Continuing upon the theme ‘Are You Sailing the Seven C’s’, this post follows up the presentation of the first two C’s, Create and Connect, with Change and Challenge.
Change Something (including yourself)
The poet Maya Angelou wrote ‘If you don't like something, change it. If you can’t change it, change your attitude.” Building upon Maya’s statement, what would you like to change? Let’s start big with change the world! What can you do to start to change the world? You could begin to change the way you interact with the environment. You could begin to change the way you interact with the economy. You can change the world of politics by running for office or being a campaign volunteer. You can change your understanding of the world by traveling to places you have never been. You can change your understanding by taking a course, conducting an experiment, starting up a conversation with a stranger or stepping into a place you would never have dreamed of entering before. Are you the type of person who is okay with incremental change or are you primed to be part of big, sweeping change? Consider climate change or regime change - where is your change comfort level pointing? You are probably familiar with Gandhi’s quote ‘Be the change that you wish to see in the world’. I don't know about you, but it’s a challenge in itself to change myself let alone expect other people, places, policies and politics to change. My experience tells me that the two are tightly connected. If you want to see any change outside of yourself, there likely will be an internal calling to change something, be it tiny or huge. Because of the forces of change we can’t control or alter (the storm on the horizon, the tide, the life and death beneath our boat . . . ) this ‘C’ can be the most challenging to navigate, especially if we aren’t aligned with our purpose or true north - which leads to the next ‘C’.
Typically, challenge is something we come up against.
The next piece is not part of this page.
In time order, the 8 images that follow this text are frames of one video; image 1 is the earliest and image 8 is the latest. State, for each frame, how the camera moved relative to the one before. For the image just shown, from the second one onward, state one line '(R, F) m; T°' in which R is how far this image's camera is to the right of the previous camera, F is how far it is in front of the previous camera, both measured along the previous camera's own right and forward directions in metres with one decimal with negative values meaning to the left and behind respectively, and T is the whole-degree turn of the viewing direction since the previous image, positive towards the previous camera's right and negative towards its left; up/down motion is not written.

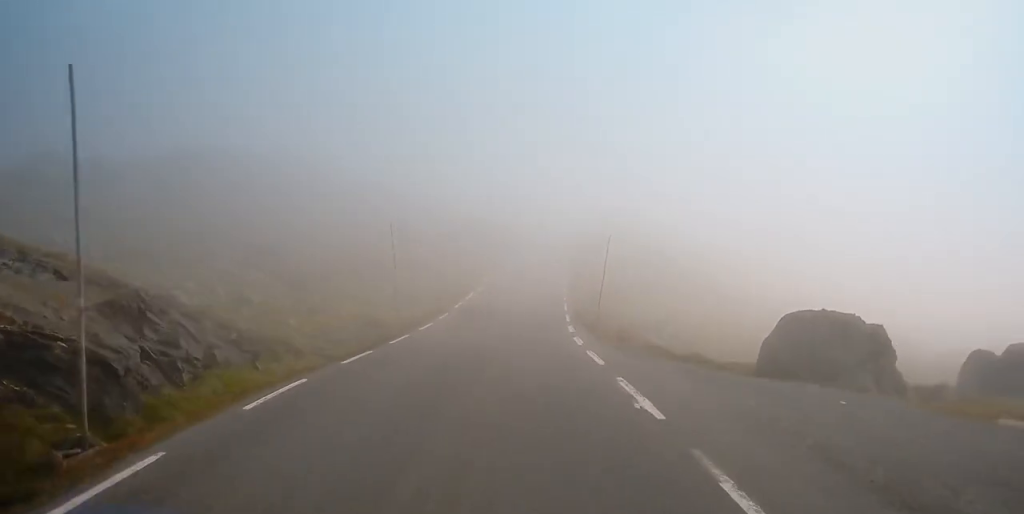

Life is full of challenges to be faced. Martin Luther King, Jr. wrote “The ultimate measure of a man (woman) is not where he/she stands in moments of comfort and convenience, but where he/she stands at times of challenge and controversy”. I couldn’t agree with this more. But let’s also look at challenge through the other end of the lens. Rather than have our lives defined only by how we succeed or fail in dealing with the challenges life throws at us, let’s also define who we are by what we challenge. Let’s begin with the status quo. Do you challenge the status quo? What is your status quo? Do you challenge conventional thinking? Do you challenge belief systems? Are you the type of person who challenges what is perceived to be the truth (the world is flat)? Are you a challenging personality in the best sense of the word? Do you relish the challenge of righting a wrong? Kurt Cobain said, “The duty of youth is to challenge corruption”. Do you feel a duty to challenge something right now?
The waters of challenge and change often flow into one another. To begin to challenge the way things are, there’s a good chance you will feel the need to challenge yourself. Challenging yourself (or being in the act of change) can be daunting, frightening and to be avoided at all costs. Apathy is a way to avoid challenging yourself. Distraction or diversion work, too. Apathy and distraction can be especially powerful when you aren’t operating from a point of purpose. It can be a challenge just getting up in the morning let alone finding the wherewithal to challenge the reasons why you believe in a certain political party or dare to question the theory of relativity. No surprise here, but I believe one anecdote is having a purpose, the kind of purpose that can take on all kinds of challenge and to also challenge.